##### Data records #####

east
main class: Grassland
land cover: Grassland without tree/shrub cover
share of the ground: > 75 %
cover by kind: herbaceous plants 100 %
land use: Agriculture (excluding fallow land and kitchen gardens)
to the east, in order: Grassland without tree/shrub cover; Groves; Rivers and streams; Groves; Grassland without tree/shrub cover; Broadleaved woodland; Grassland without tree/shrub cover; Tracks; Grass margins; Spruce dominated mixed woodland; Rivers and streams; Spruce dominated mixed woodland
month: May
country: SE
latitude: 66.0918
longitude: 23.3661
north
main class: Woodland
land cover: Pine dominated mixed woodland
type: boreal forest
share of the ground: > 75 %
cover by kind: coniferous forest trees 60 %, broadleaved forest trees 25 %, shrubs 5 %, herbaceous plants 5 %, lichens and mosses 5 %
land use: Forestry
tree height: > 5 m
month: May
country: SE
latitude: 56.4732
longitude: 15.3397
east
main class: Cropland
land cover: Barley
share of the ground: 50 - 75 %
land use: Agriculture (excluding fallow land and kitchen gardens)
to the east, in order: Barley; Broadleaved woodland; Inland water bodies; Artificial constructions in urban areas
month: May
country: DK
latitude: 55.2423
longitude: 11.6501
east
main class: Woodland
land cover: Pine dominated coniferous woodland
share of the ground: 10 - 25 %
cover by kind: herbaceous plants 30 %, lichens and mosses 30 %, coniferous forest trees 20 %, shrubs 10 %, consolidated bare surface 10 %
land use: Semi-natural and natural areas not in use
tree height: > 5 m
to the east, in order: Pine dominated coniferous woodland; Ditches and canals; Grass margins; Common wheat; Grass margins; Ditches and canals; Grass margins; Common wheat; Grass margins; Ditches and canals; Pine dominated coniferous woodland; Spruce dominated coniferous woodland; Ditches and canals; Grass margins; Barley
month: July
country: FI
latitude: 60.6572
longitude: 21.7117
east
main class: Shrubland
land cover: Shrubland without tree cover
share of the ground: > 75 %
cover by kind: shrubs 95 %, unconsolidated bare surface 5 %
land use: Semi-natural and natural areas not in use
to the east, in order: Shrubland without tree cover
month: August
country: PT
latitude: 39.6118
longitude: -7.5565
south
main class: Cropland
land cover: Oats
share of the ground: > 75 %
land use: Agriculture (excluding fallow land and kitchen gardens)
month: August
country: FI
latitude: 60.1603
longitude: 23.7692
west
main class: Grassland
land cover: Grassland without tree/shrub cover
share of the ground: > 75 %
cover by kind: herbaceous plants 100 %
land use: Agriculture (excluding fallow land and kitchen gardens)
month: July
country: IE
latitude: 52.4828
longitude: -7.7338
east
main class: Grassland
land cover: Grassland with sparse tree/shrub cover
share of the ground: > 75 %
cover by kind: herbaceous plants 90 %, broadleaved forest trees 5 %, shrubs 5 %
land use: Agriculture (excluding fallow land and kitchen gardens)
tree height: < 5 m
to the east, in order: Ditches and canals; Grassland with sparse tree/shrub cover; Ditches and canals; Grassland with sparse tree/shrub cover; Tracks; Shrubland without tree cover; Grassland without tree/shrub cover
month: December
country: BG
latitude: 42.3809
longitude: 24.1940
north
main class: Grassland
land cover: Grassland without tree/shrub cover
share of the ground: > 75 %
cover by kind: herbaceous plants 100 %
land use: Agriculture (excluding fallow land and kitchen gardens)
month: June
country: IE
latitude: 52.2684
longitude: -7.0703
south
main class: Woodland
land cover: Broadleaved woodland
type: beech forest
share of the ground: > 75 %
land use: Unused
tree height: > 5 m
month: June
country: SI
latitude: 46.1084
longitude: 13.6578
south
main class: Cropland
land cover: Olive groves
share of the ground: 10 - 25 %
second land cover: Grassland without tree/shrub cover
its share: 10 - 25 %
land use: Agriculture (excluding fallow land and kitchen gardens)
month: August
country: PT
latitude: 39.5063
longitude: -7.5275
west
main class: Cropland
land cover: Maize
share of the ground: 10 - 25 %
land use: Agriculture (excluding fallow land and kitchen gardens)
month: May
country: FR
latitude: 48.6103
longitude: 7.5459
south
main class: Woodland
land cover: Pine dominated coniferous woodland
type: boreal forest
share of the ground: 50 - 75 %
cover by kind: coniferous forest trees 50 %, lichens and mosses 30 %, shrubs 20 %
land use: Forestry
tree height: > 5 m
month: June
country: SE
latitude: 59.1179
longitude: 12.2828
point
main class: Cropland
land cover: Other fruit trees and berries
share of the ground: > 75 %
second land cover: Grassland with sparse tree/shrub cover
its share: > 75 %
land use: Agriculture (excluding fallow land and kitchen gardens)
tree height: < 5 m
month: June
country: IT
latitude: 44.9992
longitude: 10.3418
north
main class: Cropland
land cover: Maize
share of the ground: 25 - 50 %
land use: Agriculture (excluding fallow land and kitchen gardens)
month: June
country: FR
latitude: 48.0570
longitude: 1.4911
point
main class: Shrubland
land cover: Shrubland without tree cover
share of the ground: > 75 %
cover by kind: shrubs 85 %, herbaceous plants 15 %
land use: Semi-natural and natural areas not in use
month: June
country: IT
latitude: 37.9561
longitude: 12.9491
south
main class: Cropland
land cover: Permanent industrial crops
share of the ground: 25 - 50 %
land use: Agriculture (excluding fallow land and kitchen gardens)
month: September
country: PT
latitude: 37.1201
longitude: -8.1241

#####

Work order - Your task is to set down all of the entries exactly as they appear.

Response to this exercise -
east
main class: Grassland
land cover: Grassland without tree/shrub cover
share of the ground: > 75 %
cover by kind: herbaceous plants 100 %
land use: Agriculture (excluding fallow land and kitchen gardens)
to the east, in order: Grassland without tree/shrub cover; Groves; Rivers and streams; Groves; Grassland without tree/shrub cover; Broadleaved woodland; Grassland without tree/shrub cover; Tracks; Grass margins; Spruce dominated mixed woodland; Rivers and streams; Spruce dominated mixed woodland
month: May
country: SE
latitude: 66.0918
longitude: 23.3661
north
main class: Woodland
land cover: Pine dominated mixed woodland
type: boreal forest
share of the ground: > 75 %
cover by kind: coniferous forest trees 60 %, broadleaved forest trees 25 %, shrubs 5 %, herbaceous plants 5 %, lichens and mosses 5 %
land use: Forestry
tree height: > 5 m
month: May
country: SE
latitude: 56.4732
longitude: 15.3397
east
main class: Cropland
land cover: Barley
share of the ground: 50 - 75 %
land use: Agriculture (excluding fallow land and kitchen gardens)
to the east, in order: Barley; Broadleaved woodland; Inland water bodies; Artificial constructions in urban areas
month: May
country: DK
latitude: 55.2423
longitude: 11.6501
east
main class: Woodland
land cover: Pine dominated coniferous woodland
share of the ground: 10 - 25 %
cover by kind: herbaceous plants 30 %, lichens and mosses 30 %, coniferous forest trees 20 %, shrubs 10 %, consolidated bare surface 10 %
land use: Semi-natural and natural areas not in use
tree height: > 5 m
to the east, in order: Pine dominated coniferous woodland; Ditches and canals; Grass margins; Common wheat; Grass margins; Ditches and canals; Grass margins; Common wheat; Grass margins; Ditches and canals; Pine dominated coniferous woodland; Spruce dominated coniferous woodland; Ditches and canals; Grass margins; Barley
month: July
country: FI
latitude: 60.6572
longitude: 21.7117
east
main class: Shrubland
land cover: Shrubland without tree cover
share of the ground: > 75 %
cover by kind: shrubs 95 %, unconsolidated bare surface 5 %
land use: Semi-natural and natural areas not in use
to the east, in order: Shrubland without tree cover
month: August
country: PT
latitude: 39.6118
longitude: -7.5565
south
main class: Cropland
land cover: Oats
share of the ground: > 75 %
land use: Agriculture (excluding fallow land and kitchen gardens)
month: August
country: FI
latitude: 60.1603
longitude: 23.7692
west
main class: Grassland
land cover: Grassland without tree/shrub cover
share of the ground: > 75 %
cover by kind: herbaceous plants 100 %
land use: Agriculture (excluding fallow land and kitchen gardens)
month: July
country: IE
latitude: 52.4828
longitude: -7.7338
east
main class: Grassland
land cover: Grassland with sparse tree/shrub cover
share of the ground: > 75 %
cover by kind: herbaceous plants 90 %, broadleaved forest trees 5 %, shrubs 5 %
land use: Agriculture (excluding fallow land and kitchen gardens)
tree height: < 5 m
to the east, in order: Ditches and canals; Grassland with sparse tree/shrub cover; Ditches and canals; Grassland with sparse tree/shrub cover; Tracks; Shrubland without tree cover; Grassland without tree/shrub cover
month: December
country: BG
latitude: 42.3809
longitude: 24.1940
north
main class: Grassland
land cover: Grassland without tree/shrub cover
share of the ground: > 75 %
cover by kind: herbaceous plants 100 %
land use: Agriculture (excluding fallow land and kitchen gardens)
month: June
country: IE
latitude: 52.2684
longitude: -7.0703
south
main class: Woodland
land cover: Broadleaved woodland
type: beech forest
share of the ground: > 75 %
land use: Unused
tree height: > 5 m
month: June
country: SI
latitude: 46.1084
longitude: 13.6578
south
main class: Cropland
land cover: Olive groves
share of the ground: 10 - 25 %
second land cover: Grassland without tree/shrub cover
its share: 10 - 25 %
land use: Agriculture (excluding fallow land and kitchen gardens)
month: August
country: PT
latitude: 39.5063
longitude: -7.5275
west
main class: Cropland
land cover: Maize
share of the ground: 10 - 25 %
land use: Agriculture (excluding fallow land and kitchen gardens)
month: May
country: FR
latitude: 48.6103
longitude: 7.5459
south
main class: Woodland
land cover: Pine dominated coniferous woodland
type: boreal forest
share of the ground: 50 - 75 %
cover by kind: coniferous forest trees 50 %, lichens and mosses 30 %, shrubs 20 %
land use: Forestry
tree height: > 5 m
month: June
country: SE
latitude: 59.1179
longitude: 12.2828
point
main class: Cropland
land cover: Other fruit trees and berries
share of the ground: > 75 %
second land cover: Grassland with sparse tree/shrub cover
its share: > 75 %
land use: Agriculture (excluding fallow land and kitchen gardens)
tree height: < 5 m
month: June
country: IT
latitude: 44.9992
longitude: 10.3418
north
main class: Cropland
land cover: Maize
share of the ground: 25 - 50 %
land use: Agriculture (excluding fallow land and kitchen gardens)
month: June
country: FR
latitude: 48.0570
longitude: 1.4911
point
main class: Shrubland
land cover: Shrubland without tree cover
share of the ground: > 75 %
cover by kind: shrubs 85 %, herbaceous plants 15 %
land use: Semi-natural and natural areas not in use
month: June
country: IT
latitude: 37.9561
longitude: 12.9491
south
main class: Cropland
land cover: Permanent industrial crops
share of the ground: 25 - 50 %
land use: Agriculture (excluding fallow land and kitchen gardens)
month: September
country: PT
latitude: 37.1201
longitude: -8.1241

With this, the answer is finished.